#### ACTIVITY
Across the entries below, tally every line that holds the word "fill". Give only the tally.

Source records
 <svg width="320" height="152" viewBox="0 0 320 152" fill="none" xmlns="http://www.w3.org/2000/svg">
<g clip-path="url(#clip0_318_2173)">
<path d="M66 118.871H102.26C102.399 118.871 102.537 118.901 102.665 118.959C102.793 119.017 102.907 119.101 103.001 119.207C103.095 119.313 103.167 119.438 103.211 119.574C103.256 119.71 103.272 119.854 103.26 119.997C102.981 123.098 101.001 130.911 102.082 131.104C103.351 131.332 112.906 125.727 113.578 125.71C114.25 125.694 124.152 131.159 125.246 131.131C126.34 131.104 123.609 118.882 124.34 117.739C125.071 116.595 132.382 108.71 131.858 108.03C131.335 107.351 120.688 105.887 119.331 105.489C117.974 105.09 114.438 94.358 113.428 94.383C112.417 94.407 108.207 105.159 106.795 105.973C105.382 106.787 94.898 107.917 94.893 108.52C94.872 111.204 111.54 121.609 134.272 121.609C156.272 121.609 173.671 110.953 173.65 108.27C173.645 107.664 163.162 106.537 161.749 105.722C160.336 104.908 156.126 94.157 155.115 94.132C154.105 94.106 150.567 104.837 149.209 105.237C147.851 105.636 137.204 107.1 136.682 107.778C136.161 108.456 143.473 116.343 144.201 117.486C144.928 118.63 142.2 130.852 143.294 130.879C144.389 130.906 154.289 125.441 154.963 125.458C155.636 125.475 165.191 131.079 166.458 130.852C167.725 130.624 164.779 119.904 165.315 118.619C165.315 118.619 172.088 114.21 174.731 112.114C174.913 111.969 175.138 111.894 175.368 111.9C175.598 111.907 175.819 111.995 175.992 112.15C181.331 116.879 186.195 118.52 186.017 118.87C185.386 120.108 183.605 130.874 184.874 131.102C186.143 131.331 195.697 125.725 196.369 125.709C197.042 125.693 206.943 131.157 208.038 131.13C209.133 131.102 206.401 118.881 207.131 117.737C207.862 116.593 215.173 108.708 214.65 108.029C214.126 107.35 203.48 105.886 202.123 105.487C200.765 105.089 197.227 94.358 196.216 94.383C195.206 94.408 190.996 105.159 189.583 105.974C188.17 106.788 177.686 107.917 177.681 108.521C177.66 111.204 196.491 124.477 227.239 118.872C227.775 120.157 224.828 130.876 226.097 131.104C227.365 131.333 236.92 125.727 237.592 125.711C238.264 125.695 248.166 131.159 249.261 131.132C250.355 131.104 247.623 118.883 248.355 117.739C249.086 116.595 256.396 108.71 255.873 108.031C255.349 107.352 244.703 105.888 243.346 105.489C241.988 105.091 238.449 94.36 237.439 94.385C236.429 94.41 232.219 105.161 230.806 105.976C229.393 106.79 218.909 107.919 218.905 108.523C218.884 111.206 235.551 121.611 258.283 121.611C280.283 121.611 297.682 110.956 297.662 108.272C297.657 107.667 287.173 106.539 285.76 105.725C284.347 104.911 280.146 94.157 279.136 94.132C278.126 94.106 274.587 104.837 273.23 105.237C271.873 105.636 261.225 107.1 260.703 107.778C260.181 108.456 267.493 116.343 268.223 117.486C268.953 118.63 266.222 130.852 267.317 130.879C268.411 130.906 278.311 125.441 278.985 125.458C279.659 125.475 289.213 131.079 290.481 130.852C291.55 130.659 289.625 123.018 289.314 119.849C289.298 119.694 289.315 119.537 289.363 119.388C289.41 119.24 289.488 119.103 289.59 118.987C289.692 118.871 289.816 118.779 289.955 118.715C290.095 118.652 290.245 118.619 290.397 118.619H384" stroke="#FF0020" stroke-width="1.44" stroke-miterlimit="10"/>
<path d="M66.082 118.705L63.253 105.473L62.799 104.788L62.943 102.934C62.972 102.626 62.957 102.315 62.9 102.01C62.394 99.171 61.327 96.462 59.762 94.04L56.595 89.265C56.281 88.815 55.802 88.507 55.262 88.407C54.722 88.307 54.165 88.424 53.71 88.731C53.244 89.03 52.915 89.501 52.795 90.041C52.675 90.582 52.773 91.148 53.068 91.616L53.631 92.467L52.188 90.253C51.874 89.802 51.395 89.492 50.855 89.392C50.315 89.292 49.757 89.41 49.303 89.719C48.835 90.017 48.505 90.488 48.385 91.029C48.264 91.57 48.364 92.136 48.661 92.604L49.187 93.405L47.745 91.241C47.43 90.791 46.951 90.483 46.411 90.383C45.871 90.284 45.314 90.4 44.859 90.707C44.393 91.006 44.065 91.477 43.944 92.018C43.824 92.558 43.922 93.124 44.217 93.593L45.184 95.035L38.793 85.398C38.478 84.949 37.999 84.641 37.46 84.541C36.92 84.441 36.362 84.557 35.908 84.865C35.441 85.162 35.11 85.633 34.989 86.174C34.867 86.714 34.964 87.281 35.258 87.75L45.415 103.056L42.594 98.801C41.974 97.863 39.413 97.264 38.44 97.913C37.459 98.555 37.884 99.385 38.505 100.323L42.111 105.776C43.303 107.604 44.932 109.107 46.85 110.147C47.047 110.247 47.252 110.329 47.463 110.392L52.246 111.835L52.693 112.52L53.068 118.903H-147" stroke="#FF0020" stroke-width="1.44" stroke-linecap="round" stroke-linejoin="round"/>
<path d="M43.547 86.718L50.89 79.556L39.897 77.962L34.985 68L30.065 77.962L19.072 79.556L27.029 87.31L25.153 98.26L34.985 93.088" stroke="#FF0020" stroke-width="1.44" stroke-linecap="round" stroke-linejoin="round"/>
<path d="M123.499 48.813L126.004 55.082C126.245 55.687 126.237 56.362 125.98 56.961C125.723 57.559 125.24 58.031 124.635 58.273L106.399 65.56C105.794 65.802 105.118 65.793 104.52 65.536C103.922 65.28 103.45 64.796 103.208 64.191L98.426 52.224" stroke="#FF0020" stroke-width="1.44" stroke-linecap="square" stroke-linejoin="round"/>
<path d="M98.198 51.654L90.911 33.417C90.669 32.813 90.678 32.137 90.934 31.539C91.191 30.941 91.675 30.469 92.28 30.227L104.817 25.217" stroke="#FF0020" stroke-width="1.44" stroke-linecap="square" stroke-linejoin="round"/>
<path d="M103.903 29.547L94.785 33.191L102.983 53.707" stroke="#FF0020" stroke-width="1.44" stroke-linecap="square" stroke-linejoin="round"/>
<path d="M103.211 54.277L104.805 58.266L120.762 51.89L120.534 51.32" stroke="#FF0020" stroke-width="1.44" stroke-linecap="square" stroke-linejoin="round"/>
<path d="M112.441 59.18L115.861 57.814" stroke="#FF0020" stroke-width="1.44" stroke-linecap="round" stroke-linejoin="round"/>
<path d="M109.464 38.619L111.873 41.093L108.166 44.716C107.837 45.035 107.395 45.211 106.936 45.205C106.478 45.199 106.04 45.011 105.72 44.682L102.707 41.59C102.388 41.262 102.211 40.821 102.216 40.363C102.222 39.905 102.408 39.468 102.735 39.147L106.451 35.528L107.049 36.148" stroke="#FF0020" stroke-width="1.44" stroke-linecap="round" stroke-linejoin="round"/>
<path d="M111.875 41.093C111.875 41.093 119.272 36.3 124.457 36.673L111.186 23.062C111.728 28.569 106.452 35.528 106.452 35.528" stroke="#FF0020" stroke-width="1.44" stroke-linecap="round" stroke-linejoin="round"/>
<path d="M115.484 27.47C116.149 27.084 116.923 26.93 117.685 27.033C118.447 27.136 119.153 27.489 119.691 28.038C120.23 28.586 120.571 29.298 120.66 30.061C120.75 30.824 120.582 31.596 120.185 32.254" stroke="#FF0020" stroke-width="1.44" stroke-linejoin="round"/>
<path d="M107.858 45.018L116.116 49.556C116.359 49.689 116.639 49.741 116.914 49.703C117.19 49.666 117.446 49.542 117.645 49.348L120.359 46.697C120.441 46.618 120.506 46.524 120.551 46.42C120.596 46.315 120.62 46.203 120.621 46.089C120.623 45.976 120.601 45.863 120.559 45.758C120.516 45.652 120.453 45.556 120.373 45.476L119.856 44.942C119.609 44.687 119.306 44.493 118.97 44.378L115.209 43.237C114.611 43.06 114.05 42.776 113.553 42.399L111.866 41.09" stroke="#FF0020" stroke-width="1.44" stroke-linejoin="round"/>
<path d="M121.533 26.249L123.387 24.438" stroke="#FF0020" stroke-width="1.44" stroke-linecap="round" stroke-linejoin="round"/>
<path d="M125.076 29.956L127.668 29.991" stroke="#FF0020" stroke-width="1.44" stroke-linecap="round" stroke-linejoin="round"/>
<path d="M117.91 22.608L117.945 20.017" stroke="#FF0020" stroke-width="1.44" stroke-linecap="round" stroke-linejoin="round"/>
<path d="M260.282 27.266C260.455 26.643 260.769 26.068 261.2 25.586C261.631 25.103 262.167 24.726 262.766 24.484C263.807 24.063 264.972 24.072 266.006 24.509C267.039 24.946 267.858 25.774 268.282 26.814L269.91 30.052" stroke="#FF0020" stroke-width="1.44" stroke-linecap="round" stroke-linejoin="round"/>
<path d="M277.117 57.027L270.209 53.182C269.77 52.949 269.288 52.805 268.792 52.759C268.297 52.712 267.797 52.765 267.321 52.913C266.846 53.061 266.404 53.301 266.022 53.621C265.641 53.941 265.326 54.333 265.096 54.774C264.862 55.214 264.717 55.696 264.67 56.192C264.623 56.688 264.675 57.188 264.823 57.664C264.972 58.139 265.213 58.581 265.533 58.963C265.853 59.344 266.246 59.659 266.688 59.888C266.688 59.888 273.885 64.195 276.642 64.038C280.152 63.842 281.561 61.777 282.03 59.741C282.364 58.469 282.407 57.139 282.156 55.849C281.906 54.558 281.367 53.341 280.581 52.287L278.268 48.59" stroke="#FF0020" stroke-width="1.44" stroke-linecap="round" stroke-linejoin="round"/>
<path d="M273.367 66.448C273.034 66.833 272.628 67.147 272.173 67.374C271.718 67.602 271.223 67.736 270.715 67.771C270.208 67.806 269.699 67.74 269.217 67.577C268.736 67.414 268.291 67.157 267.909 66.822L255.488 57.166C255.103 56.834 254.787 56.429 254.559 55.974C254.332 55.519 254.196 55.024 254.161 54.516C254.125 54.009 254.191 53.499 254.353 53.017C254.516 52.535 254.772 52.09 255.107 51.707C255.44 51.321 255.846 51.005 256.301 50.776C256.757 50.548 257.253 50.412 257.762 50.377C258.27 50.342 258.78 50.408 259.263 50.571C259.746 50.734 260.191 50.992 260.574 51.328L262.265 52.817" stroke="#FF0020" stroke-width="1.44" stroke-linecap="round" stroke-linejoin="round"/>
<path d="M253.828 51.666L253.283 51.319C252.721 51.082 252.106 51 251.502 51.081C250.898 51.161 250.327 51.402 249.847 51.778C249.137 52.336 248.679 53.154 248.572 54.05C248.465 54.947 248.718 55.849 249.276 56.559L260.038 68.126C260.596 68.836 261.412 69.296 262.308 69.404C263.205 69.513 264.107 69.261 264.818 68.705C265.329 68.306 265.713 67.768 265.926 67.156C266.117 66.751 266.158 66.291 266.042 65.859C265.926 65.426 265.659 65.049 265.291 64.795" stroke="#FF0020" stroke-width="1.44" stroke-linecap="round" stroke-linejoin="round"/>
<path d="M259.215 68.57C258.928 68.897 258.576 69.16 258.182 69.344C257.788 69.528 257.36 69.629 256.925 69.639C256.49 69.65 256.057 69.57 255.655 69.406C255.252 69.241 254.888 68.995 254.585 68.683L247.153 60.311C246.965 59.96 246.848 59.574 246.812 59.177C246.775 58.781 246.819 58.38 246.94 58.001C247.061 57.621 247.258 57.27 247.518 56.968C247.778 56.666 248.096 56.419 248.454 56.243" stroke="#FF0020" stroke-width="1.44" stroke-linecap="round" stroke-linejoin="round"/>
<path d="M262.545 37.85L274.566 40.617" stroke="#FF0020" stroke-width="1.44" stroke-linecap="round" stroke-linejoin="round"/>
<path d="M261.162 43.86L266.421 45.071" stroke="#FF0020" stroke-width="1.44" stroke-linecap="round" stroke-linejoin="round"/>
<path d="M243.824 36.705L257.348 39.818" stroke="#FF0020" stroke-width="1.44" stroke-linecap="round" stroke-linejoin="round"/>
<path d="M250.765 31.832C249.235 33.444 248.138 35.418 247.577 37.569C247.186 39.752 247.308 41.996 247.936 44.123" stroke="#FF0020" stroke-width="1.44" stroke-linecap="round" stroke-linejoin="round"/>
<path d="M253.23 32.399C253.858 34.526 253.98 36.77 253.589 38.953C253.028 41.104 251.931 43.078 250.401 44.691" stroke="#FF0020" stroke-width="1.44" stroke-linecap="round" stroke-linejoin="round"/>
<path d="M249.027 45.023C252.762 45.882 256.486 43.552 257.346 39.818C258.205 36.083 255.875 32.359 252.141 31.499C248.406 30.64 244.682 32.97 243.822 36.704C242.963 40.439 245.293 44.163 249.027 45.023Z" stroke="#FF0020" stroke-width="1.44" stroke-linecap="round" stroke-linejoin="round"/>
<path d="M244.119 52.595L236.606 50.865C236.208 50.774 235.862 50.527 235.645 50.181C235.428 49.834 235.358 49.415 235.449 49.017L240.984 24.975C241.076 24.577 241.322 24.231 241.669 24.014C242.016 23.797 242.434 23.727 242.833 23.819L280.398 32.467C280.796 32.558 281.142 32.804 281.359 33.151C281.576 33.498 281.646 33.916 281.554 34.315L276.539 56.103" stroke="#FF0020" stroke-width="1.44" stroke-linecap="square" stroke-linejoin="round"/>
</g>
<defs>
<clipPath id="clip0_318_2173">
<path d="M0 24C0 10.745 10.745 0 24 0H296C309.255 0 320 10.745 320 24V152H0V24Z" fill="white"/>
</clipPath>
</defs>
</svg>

#### ANSWER BOX
2